What questions to ask

  • "What's the part you'd warn me about? The weird stuff."
  • "What does this thing do that nobody outside the team realizes?"
  • "Who relies on this? Internal and external."
  • "What broke in the last year, and what did you do?"
  • "What did you almost build but decided not to? Why?"
  • "What would you change if you could spend a week here?"
  • "What's the worst that's happened in production?"
  • "What's the dumbest thing you've shipped that's still there?"
  • "What runbooks exist? Where? Are they current?"
  • "Who else knows this code, even partially?"
  • "What's the on-call story? What pages, and how do you respond?"

What to write down

Not just answers — the things they hesitated on, contradicted, said "oh that's a long story" about. Those are landmines.

Record the call if they're okay with it. Take notes. Send the notes to the team in a doc that lives somewhere durable.

When you start changing things

  • Smallest possible change first. Fix a typo, rename a variable, add a log line. Get the build/test/deploy loop working under your hands.
  • Read the existing tests for the area before you change code. They tell you what the team considers important.
  • Add a test before you change behavior. Even for tiny changes. You'll be glad to have it.
  • Write down what you learned. Update the README, add comments in confusing places, leave breadcrumbs for the next person — who might be you in 6 months.

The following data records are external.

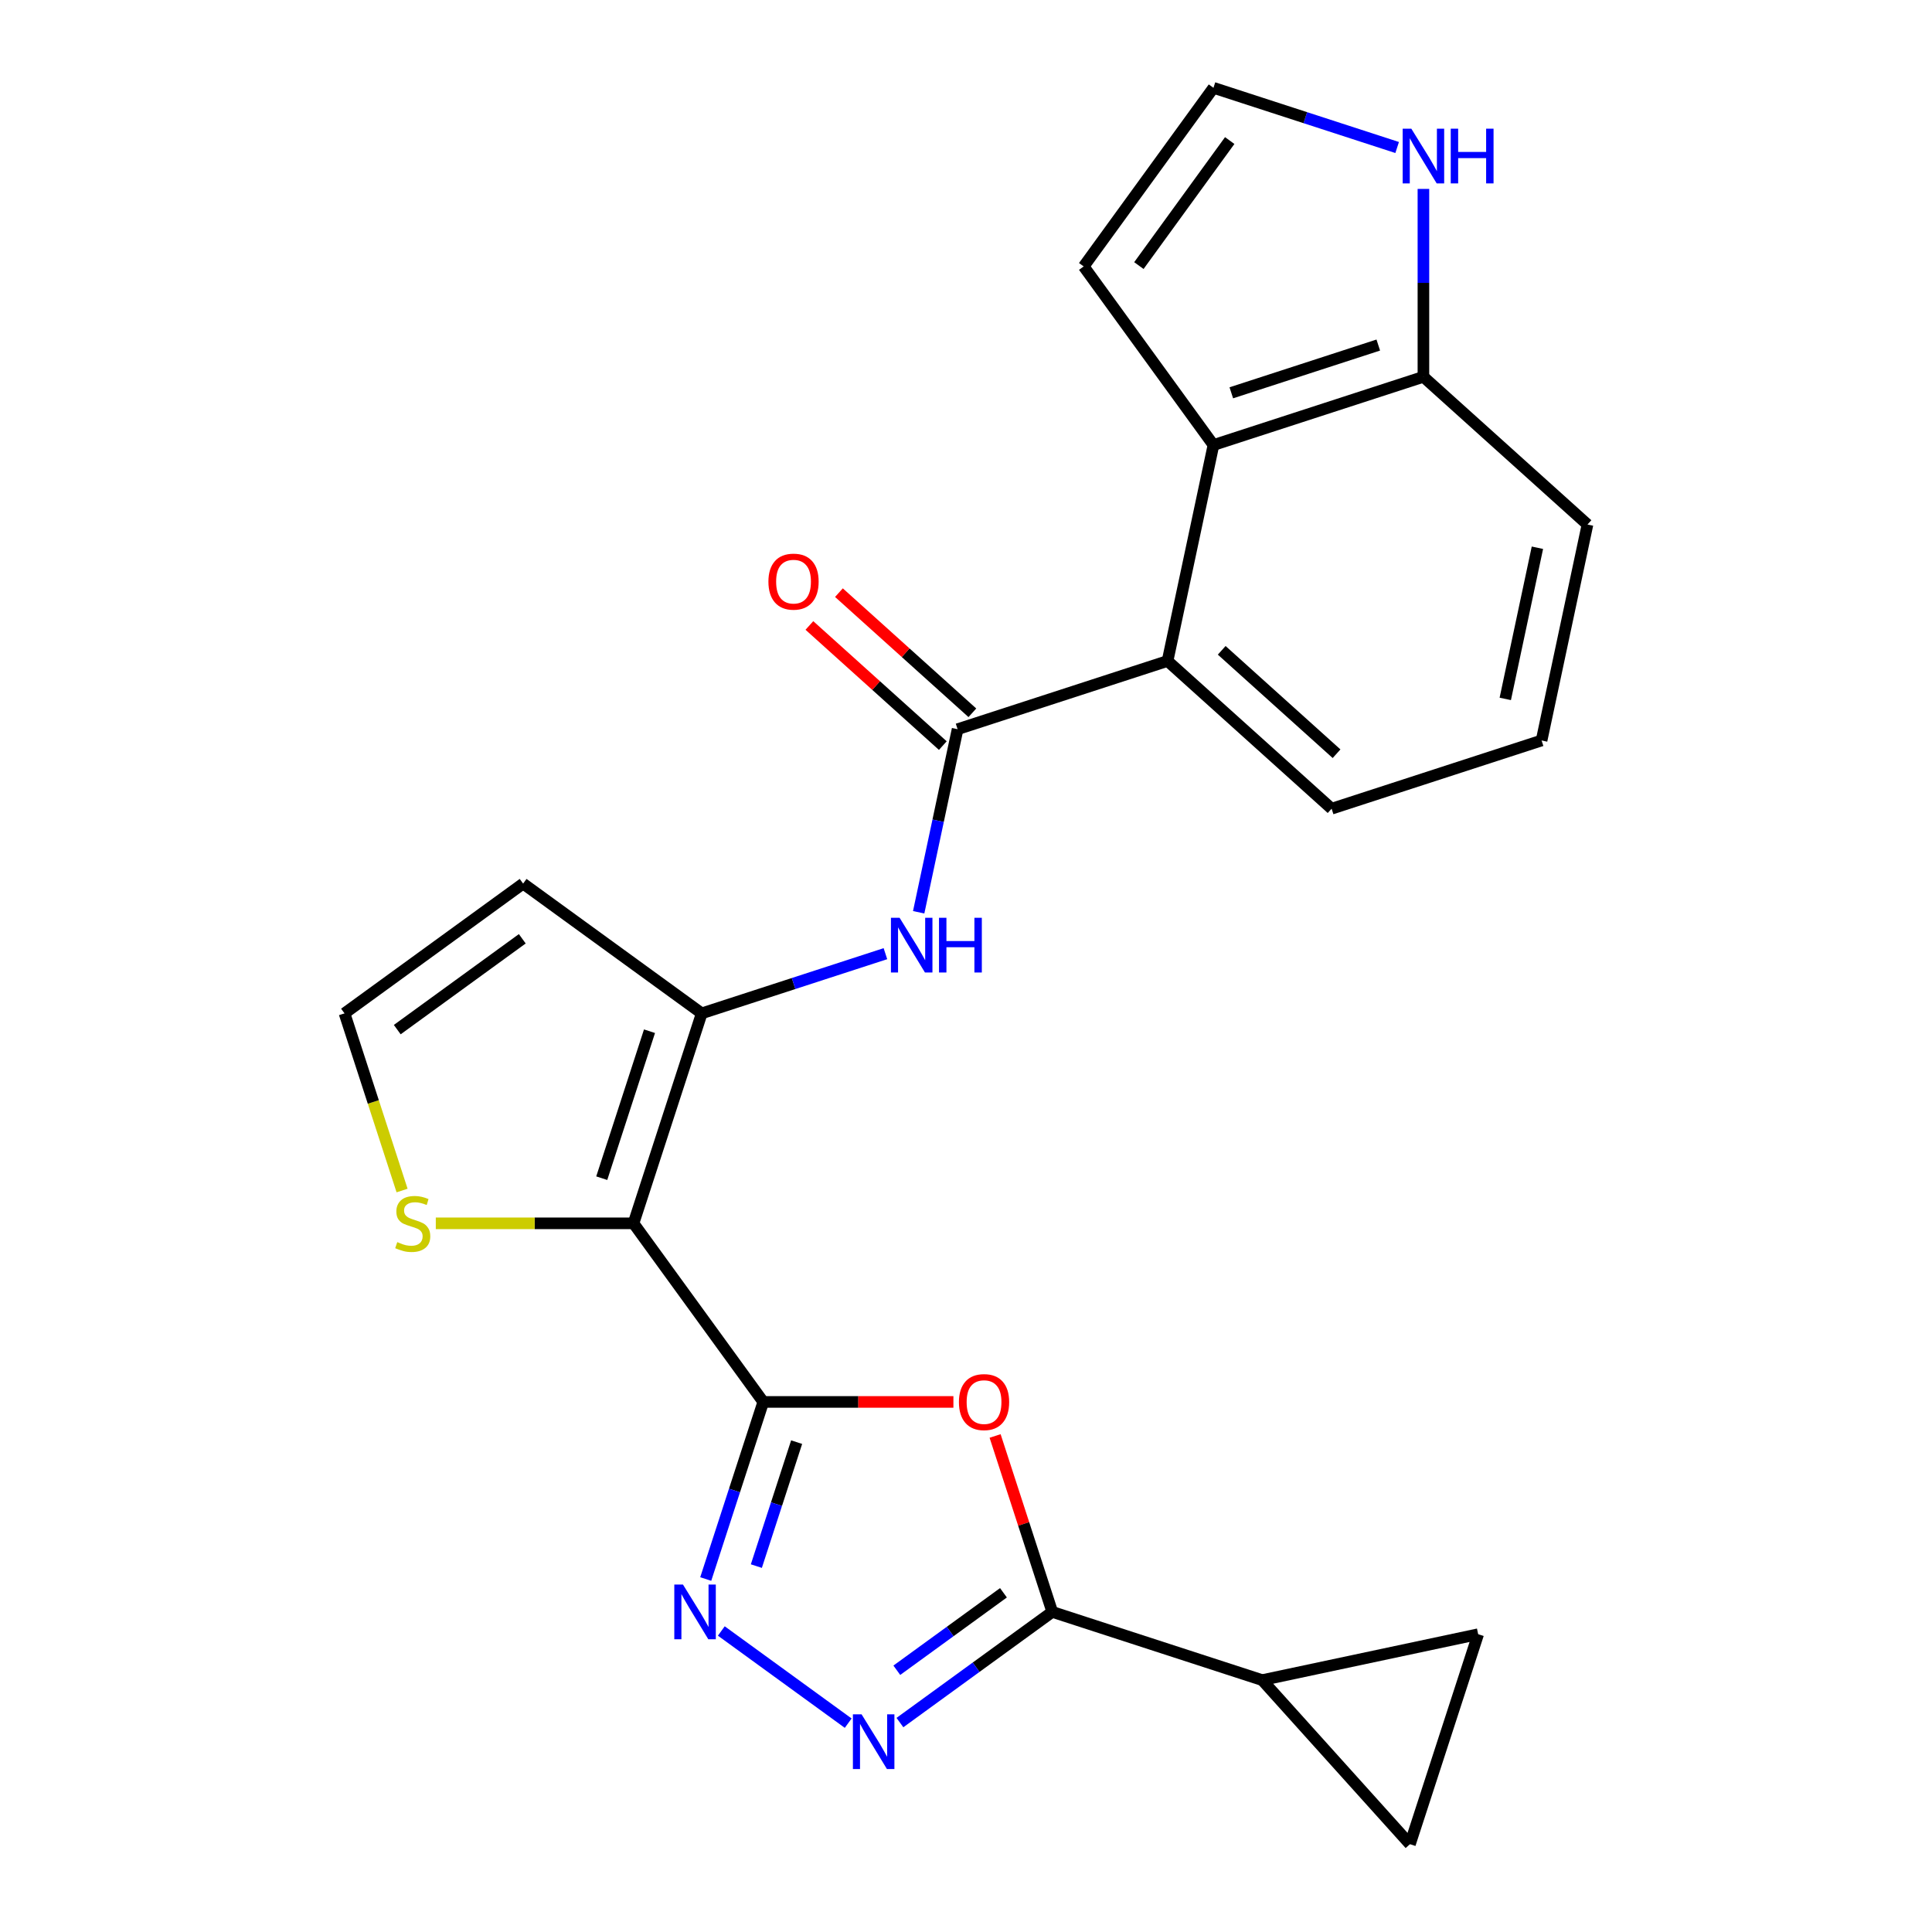 <?xml version='1.0' encoding='iso-8859-1'?>
<svg version='1.1' baseProfile='full'
              xmlns='http://www.w3.org/2000/svg'
                      xmlns:rdkit='http://www.rdkit.org/xml'
                      xmlns:xlink='http://www.w3.org/1999/xlink'
                  xml:space='preserve'
width='1000px' height='1000px' viewBox='0 0 1000 1000'>
<!-- END OF HEADER -->
<rect style='opacity:1.0;fill:#FFFFFF;stroke:none' width='1000' height='1000' x='0' y='0'> </rect>
<path class='bond-0' d='M 395.068,725.638 L 327.902,633.192' style='fill:none;fill-rule:evenodd;stroke:#000000;stroke-width:6px;stroke-linecap:butt;stroke-linejoin:miter;stroke-opacity:1' />
<path class='bond-1' d='M 395.068,725.638 L 444.274,725.638' style='fill:none;fill-rule:evenodd;stroke:#000000;stroke-width:6px;stroke-linecap:butt;stroke-linejoin:miter;stroke-opacity:1' />
<path class='bond-1' d='M 444.274,725.638 L 493.481,725.638' style='fill:none;fill-rule:evenodd;stroke:#FF0000;stroke-width:6px;stroke-linecap:butt;stroke-linejoin:miter;stroke-opacity:1' />
<path class='bond-2' d='M 395.068,725.638 L 380.177,771.468' style='fill:none;fill-rule:evenodd;stroke:#000000;stroke-width:6px;stroke-linecap:butt;stroke-linejoin:miter;stroke-opacity:1' />
<path class='bond-2' d='M 380.177,771.468 L 365.286,817.298' style='fill:none;fill-rule:evenodd;stroke:#0000FF;stroke-width:6px;stroke-linecap:butt;stroke-linejoin:miter;stroke-opacity:1' />
<path class='bond-2' d='M 412.336,746.449 L 401.912,778.531' style='fill:none;fill-rule:evenodd;stroke:#000000;stroke-width:6px;stroke-linecap:butt;stroke-linejoin:miter;stroke-opacity:1' />
<path class='bond-2' d='M 401.912,778.531 L 391.488,810.612' style='fill:none;fill-rule:evenodd;stroke:#0000FF;stroke-width:6px;stroke-linecap:butt;stroke-linejoin:miter;stroke-opacity:1' />
<path class='bond-5' d='M 327.902,633.192 L 363.213,524.515' style='fill:none;fill-rule:evenodd;stroke:#000000;stroke-width:6px;stroke-linecap:butt;stroke-linejoin:miter;stroke-opacity:1' />
<path class='bond-5' d='M 311.463,609.828 L 336.181,533.754' style='fill:none;fill-rule:evenodd;stroke:#000000;stroke-width:6px;stroke-linecap:butt;stroke-linejoin:miter;stroke-opacity:1' />
<path class='bond-11' d='M 327.902,633.192 L 276.735,633.192' style='fill:none;fill-rule:evenodd;stroke:#000000;stroke-width:6px;stroke-linecap:butt;stroke-linejoin:miter;stroke-opacity:1' />
<path class='bond-11' d='M 276.735,633.192 L 225.569,633.192' style='fill:none;fill-rule:evenodd;stroke:#CCCC00;stroke-width:6px;stroke-linecap:butt;stroke-linejoin:miter;stroke-opacity:1' />
<path class='bond-3' d='M 515.062,743.255 L 529.855,788.785' style='fill:none;fill-rule:evenodd;stroke:#FF0000;stroke-width:6px;stroke-linecap:butt;stroke-linejoin:miter;stroke-opacity:1' />
<path class='bond-3' d='M 529.855,788.785 L 544.649,834.315' style='fill:none;fill-rule:evenodd;stroke:#000000;stroke-width:6px;stroke-linecap:butt;stroke-linejoin:miter;stroke-opacity:1' />
<path class='bond-4' d='M 373.353,844.194 L 439.026,891.908' style='fill:none;fill-rule:evenodd;stroke:#0000FF;stroke-width:6px;stroke-linecap:butt;stroke-linejoin:miter;stroke-opacity:1' />
<path class='bond-9' d='M 544.649,834.315 L 653.326,869.626' style='fill:none;fill-rule:evenodd;stroke:#000000;stroke-width:6px;stroke-linecap:butt;stroke-linejoin:miter;stroke-opacity:1' />
<path class='bond-24' d='M 544.649,834.315 L 505.224,862.959' style='fill:none;fill-rule:evenodd;stroke:#000000;stroke-width:6px;stroke-linecap:butt;stroke-linejoin:miter;stroke-opacity:1' />
<path class='bond-24' d='M 505.224,862.959 L 465.8,891.603' style='fill:none;fill-rule:evenodd;stroke:#0000FF;stroke-width:6px;stroke-linecap:butt;stroke-linejoin:miter;stroke-opacity:1' />
<path class='bond-24' d='M 519.388,824.419 L 491.791,844.47' style='fill:none;fill-rule:evenodd;stroke:#000000;stroke-width:6px;stroke-linecap:butt;stroke-linejoin:miter;stroke-opacity:1' />
<path class='bond-24' d='M 491.791,844.47 L 464.194,864.52' style='fill:none;fill-rule:evenodd;stroke:#0000FF;stroke-width:6px;stroke-linecap:butt;stroke-linejoin:miter;stroke-opacity:1' />
<path class='bond-7' d='M 363.213,524.515 L 410.753,509.068' style='fill:none;fill-rule:evenodd;stroke:#000000;stroke-width:6px;stroke-linecap:butt;stroke-linejoin:miter;stroke-opacity:1' />
<path class='bond-7' d='M 410.753,509.068 L 458.293,493.621' style='fill:none;fill-rule:evenodd;stroke:#0000FF;stroke-width:6px;stroke-linecap:butt;stroke-linejoin:miter;stroke-opacity:1' />
<path class='bond-12' d='M 363.213,524.515 L 270.767,457.349' style='fill:none;fill-rule:evenodd;stroke:#000000;stroke-width:6px;stroke-linecap:butt;stroke-linejoin:miter;stroke-opacity:1' />
<path class='bond-6' d='M 495.648,377.431 L 485.578,424.809' style='fill:none;fill-rule:evenodd;stroke:#000000;stroke-width:6px;stroke-linecap:butt;stroke-linejoin:miter;stroke-opacity:1' />
<path class='bond-6' d='M 485.578,424.809 L 475.507,472.187' style='fill:none;fill-rule:evenodd;stroke:#0000FF;stroke-width:6px;stroke-linecap:butt;stroke-linejoin:miter;stroke-opacity:1' />
<path class='bond-8' d='M 495.648,377.431 L 604.325,342.12' style='fill:none;fill-rule:evenodd;stroke:#000000;stroke-width:6px;stroke-linecap:butt;stroke-linejoin:miter;stroke-opacity:1' />
<path class='bond-20' d='M 503.294,368.939 L 468.763,337.847' style='fill:none;fill-rule:evenodd;stroke:#000000;stroke-width:6px;stroke-linecap:butt;stroke-linejoin:miter;stroke-opacity:1' />
<path class='bond-20' d='M 468.763,337.847 L 434.232,306.755' style='fill:none;fill-rule:evenodd;stroke:#FF0000;stroke-width:6px;stroke-linecap:butt;stroke-linejoin:miter;stroke-opacity:1' />
<path class='bond-20' d='M 488.002,385.923 L 453.471,354.831' style='fill:none;fill-rule:evenodd;stroke:#000000;stroke-width:6px;stroke-linecap:butt;stroke-linejoin:miter;stroke-opacity:1' />
<path class='bond-20' d='M 453.471,354.831 L 418.94,323.739' style='fill:none;fill-rule:evenodd;stroke:#FF0000;stroke-width:6px;stroke-linecap:butt;stroke-linejoin:miter;stroke-opacity:1' />
<path class='bond-10' d='M 604.325,342.12 L 628.083,230.347' style='fill:none;fill-rule:evenodd;stroke:#000000;stroke-width:6px;stroke-linecap:butt;stroke-linejoin:miter;stroke-opacity:1' />
<path class='bond-21' d='M 604.325,342.12 L 689.244,418.581' style='fill:none;fill-rule:evenodd;stroke:#000000;stroke-width:6px;stroke-linecap:butt;stroke-linejoin:miter;stroke-opacity:1' />
<path class='bond-21' d='M 632.355,336.605 L 691.799,390.128' style='fill:none;fill-rule:evenodd;stroke:#000000;stroke-width:6px;stroke-linecap:butt;stroke-linejoin:miter;stroke-opacity:1' />
<path class='bond-13' d='M 653.326,869.626 L 765.099,845.868' style='fill:none;fill-rule:evenodd;stroke:#000000;stroke-width:6px;stroke-linecap:butt;stroke-linejoin:miter;stroke-opacity:1' />
<path class='bond-14' d='M 653.326,869.626 L 729.787,954.545' style='fill:none;fill-rule:evenodd;stroke:#000000;stroke-width:6px;stroke-linecap:butt;stroke-linejoin:miter;stroke-opacity:1' />
<path class='bond-17' d='M 628.083,230.347 L 736.76,195.036' style='fill:none;fill-rule:evenodd;stroke:#000000;stroke-width:6px;stroke-linecap:butt;stroke-linejoin:miter;stroke-opacity:1' />
<path class='bond-17' d='M 637.323,203.315 L 713.396,178.597' style='fill:none;fill-rule:evenodd;stroke:#000000;stroke-width:6px;stroke-linecap:butt;stroke-linejoin:miter;stroke-opacity:1' />
<path class='bond-19' d='M 628.083,230.347 L 560.917,137.901' style='fill:none;fill-rule:evenodd;stroke:#000000;stroke-width:6px;stroke-linecap:butt;stroke-linejoin:miter;stroke-opacity:1' />
<path class='bond-16' d='M 208.116,616.215 L 193.218,570.365' style='fill:none;fill-rule:evenodd;stroke:#CCCC00;stroke-width:6px;stroke-linecap:butt;stroke-linejoin:miter;stroke-opacity:1' />
<path class='bond-16' d='M 193.218,570.365 L 178.321,524.515' style='fill:none;fill-rule:evenodd;stroke:#000000;stroke-width:6px;stroke-linecap:butt;stroke-linejoin:miter;stroke-opacity:1' />
<path class='bond-25' d='M 270.767,457.349 L 178.321,524.515' style='fill:none;fill-rule:evenodd;stroke:#000000;stroke-width:6px;stroke-linecap:butt;stroke-linejoin:miter;stroke-opacity:1' />
<path class='bond-25' d='M 270.333,485.913 L 205.621,532.929' style='fill:none;fill-rule:evenodd;stroke:#000000;stroke-width:6px;stroke-linecap:butt;stroke-linejoin:miter;stroke-opacity:1' />
<path class='bond-26' d='M 765.099,845.868 L 729.787,954.545' style='fill:none;fill-rule:evenodd;stroke:#000000;stroke-width:6px;stroke-linecap:butt;stroke-linejoin:miter;stroke-opacity:1' />
<path class='bond-15' d='M 736.76,97.783 L 736.76,146.409' style='fill:none;fill-rule:evenodd;stroke:#0000FF;stroke-width:6px;stroke-linecap:butt;stroke-linejoin:miter;stroke-opacity:1' />
<path class='bond-15' d='M 736.76,146.409 L 736.76,195.036' style='fill:none;fill-rule:evenodd;stroke:#000000;stroke-width:6px;stroke-linecap:butt;stroke-linejoin:miter;stroke-opacity:1' />
<path class='bond-28' d='M 723.163,76.348 L 675.623,60.901' style='fill:none;fill-rule:evenodd;stroke:#0000FF;stroke-width:6px;stroke-linecap:butt;stroke-linejoin:miter;stroke-opacity:1' />
<path class='bond-28' d='M 675.623,60.901 L 628.083,45.455' style='fill:none;fill-rule:evenodd;stroke:#000000;stroke-width:6px;stroke-linecap:butt;stroke-linejoin:miter;stroke-opacity:1' />
<path class='bond-27' d='M 736.76,195.036 L 821.679,271.497' style='fill:none;fill-rule:evenodd;stroke:#000000;stroke-width:6px;stroke-linecap:butt;stroke-linejoin:miter;stroke-opacity:1' />
<path class='bond-18' d='M 628.083,45.455 L 560.917,137.901' style='fill:none;fill-rule:evenodd;stroke:#000000;stroke-width:6px;stroke-linecap:butt;stroke-linejoin:miter;stroke-opacity:1' />
<path class='bond-18' d='M 636.498,72.755 L 589.481,137.467' style='fill:none;fill-rule:evenodd;stroke:#000000;stroke-width:6px;stroke-linecap:butt;stroke-linejoin:miter;stroke-opacity:1' />
<path class='bond-22' d='M 689.244,418.581 L 797.921,383.27' style='fill:none;fill-rule:evenodd;stroke:#000000;stroke-width:6px;stroke-linecap:butt;stroke-linejoin:miter;stroke-opacity:1' />
<path class='bond-23' d='M 797.921,383.27 L 821.679,271.497' style='fill:none;fill-rule:evenodd;stroke:#000000;stroke-width:6px;stroke-linecap:butt;stroke-linejoin:miter;stroke-opacity:1' />
<path class='bond-23' d='M 779.13,361.752 L 795.761,283.511' style='fill:none;fill-rule:evenodd;stroke:#000000;stroke-width:6px;stroke-linecap:butt;stroke-linejoin:miter;stroke-opacity:1' />
<path  class='atom-2' d='M 496.338 725.718
Q 496.338 718.918, 499.698 715.118
Q 503.058 711.318, 509.338 711.318
Q 515.618 711.318, 518.978 715.118
Q 522.338 718.918, 522.338 725.718
Q 522.338 732.598, 518.938 736.518
Q 515.538 740.398, 509.338 740.398
Q 503.098 740.398, 499.698 736.518
Q 496.338 732.638, 496.338 725.718
M 509.338 737.198
Q 513.658 737.198, 515.978 734.318
Q 518.338 731.398, 518.338 725.718
Q 518.338 720.158, 515.978 717.358
Q 513.658 714.518, 509.338 714.518
Q 505.018 714.518, 502.658 717.318
Q 500.338 720.118, 500.338 725.718
Q 500.338 731.438, 502.658 734.318
Q 505.018 737.198, 509.338 737.198
' fill='#FF0000'/>
<path  class='atom-3' d='M 353.497 820.155
L 362.777 835.155
Q 363.697 836.635, 365.177 839.315
Q 366.657 841.995, 366.737 842.155
L 366.737 820.155
L 370.497 820.155
L 370.497 848.475
L 366.617 848.475
L 356.657 832.075
Q 355.497 830.155, 354.257 827.955
Q 353.057 825.755, 352.697 825.075
L 352.697 848.475
L 349.017 848.475
L 349.017 820.155
L 353.497 820.155
' fill='#0000FF'/>
<path  class='atom-5' d='M 445.943 887.321
L 455.223 902.321
Q 456.143 903.801, 457.623 906.481
Q 459.103 909.161, 459.183 909.321
L 459.183 887.321
L 462.943 887.321
L 462.943 915.641
L 459.063 915.641
L 449.103 899.241
Q 447.943 897.321, 446.703 895.121
Q 445.503 892.921, 445.143 892.241
L 445.143 915.641
L 441.463 915.641
L 441.463 887.321
L 445.943 887.321
' fill='#0000FF'/>
<path  class='atom-8' d='M 465.63 475.044
L 474.91 490.044
Q 475.83 491.524, 477.31 494.204
Q 478.79 496.884, 478.87 497.044
L 478.87 475.044
L 482.63 475.044
L 482.63 503.364
L 478.75 503.364
L 468.79 486.964
Q 467.63 485.044, 466.39 482.844
Q 465.19 480.644, 464.83 479.964
L 464.83 503.364
L 461.15 503.364
L 461.15 475.044
L 465.63 475.044
' fill='#0000FF'/>
<path  class='atom-8' d='M 486.03 475.044
L 489.87 475.044
L 489.87 487.084
L 504.35 487.084
L 504.35 475.044
L 508.19 475.044
L 508.19 503.364
L 504.35 503.364
L 504.35 490.284
L 489.87 490.284
L 489.87 503.364
L 486.03 503.364
L 486.03 475.044
' fill='#0000FF'/>
<path  class='atom-12' d='M 205.632 642.912
Q 205.952 643.032, 207.272 643.592
Q 208.592 644.152, 210.032 644.512
Q 211.512 644.832, 212.952 644.832
Q 215.632 644.832, 217.192 643.552
Q 218.752 642.232, 218.752 639.952
Q 218.752 638.392, 217.952 637.432
Q 217.192 636.472, 215.992 635.952
Q 214.792 635.432, 212.792 634.832
Q 210.272 634.072, 208.752 633.352
Q 207.272 632.632, 206.192 631.112
Q 205.152 629.592, 205.152 627.032
Q 205.152 623.472, 207.552 621.272
Q 209.992 619.072, 214.792 619.072
Q 218.072 619.072, 221.792 620.632
L 220.872 623.712
Q 217.472 622.312, 214.912 622.312
Q 212.152 622.312, 210.632 623.472
Q 209.112 624.592, 209.152 626.552
Q 209.152 628.072, 209.912 628.992
Q 210.712 629.912, 211.832 630.432
Q 212.992 630.952, 214.912 631.552
Q 217.472 632.352, 218.992 633.152
Q 220.512 633.952, 221.592 635.592
Q 222.712 637.192, 222.712 639.952
Q 222.712 643.872, 220.072 645.992
Q 217.472 648.072, 213.112 648.072
Q 210.592 648.072, 208.672 647.512
Q 206.792 646.992, 204.552 646.072
L 205.632 642.912
' fill='#CCCC00'/>
<path  class='atom-16' d='M 730.5 66.606
L 739.78 81.606
Q 740.7 83.086, 742.18 85.766
Q 743.66 88.446, 743.74 88.606
L 743.74 66.606
L 747.5 66.606
L 747.5 94.926
L 743.62 94.926
L 733.66 78.526
Q 732.5 76.606, 731.26 74.406
Q 730.06 72.206, 729.7 71.526
L 729.7 94.926
L 726.02 94.926
L 726.02 66.606
L 730.5 66.606
' fill='#0000FF'/>
<path  class='atom-16' d='M 750.9 66.606
L 754.74 66.606
L 754.74 78.646
L 769.22 78.646
L 769.22 66.606
L 773.06 66.606
L 773.06 94.926
L 769.22 94.926
L 769.22 81.846
L 754.74 81.846
L 754.74 94.926
L 750.9 94.926
L 750.9 66.606
' fill='#0000FF'/>
<path  class='atom-21' d='M 397.729 301.05
Q 397.729 294.25, 401.089 290.45
Q 404.449 286.65, 410.729 286.65
Q 417.009 286.65, 420.369 290.45
Q 423.729 294.25, 423.729 301.05
Q 423.729 307.93, 420.329 311.85
Q 416.929 315.73, 410.729 315.73
Q 404.489 315.73, 401.089 311.85
Q 397.729 307.97, 397.729 301.05
M 410.729 312.53
Q 415.049 312.53, 417.369 309.65
Q 419.729 306.73, 419.729 301.05
Q 419.729 295.49, 417.369 292.69
Q 415.049 289.85, 410.729 289.85
Q 406.409 289.85, 404.049 292.65
Q 401.729 295.45, 401.729 301.05
Q 401.729 306.77, 404.049 309.65
Q 406.409 312.53, 410.729 312.53
' fill='#FF0000'/>
</svg>

Anti-patterns when inheriting code

  • The cleanup rampage. Day-three rewrites of "ugly" code you don't yet understand. Resist.
  • Asking "why is this like this?" without first checking git blame. The answer is usually in the commit.
  • Trusting the comments. Comments rot. The code is the truth; the tests are the second truth; the comments are the third truth.
  • Skipping the schema. Engineers love to dive into the controllers. The schema is more important.

Output format

When orienting in a new codebase, produce:

## What this is
<one paragraph: purpose, deployment, who depends on it>

## The map
- Entry points: <files>
- Domain core: <directory>
- Data layer: <directory + schema location>
- External integrations: <list>
- Test layout: <where, what kind>

## Load-bearing
- <area>: <why>

## Dead or deprecated (tentative)
- <area>: <signals it might be dead>

## Open questions
- <list — to ask original author or product>

## First proposed changes
1. <small, safe, useful change to validate the loop>

The first 80% of "understanding a legacy codebase" is just doing this work systematically. The other 20% comes from being there a while.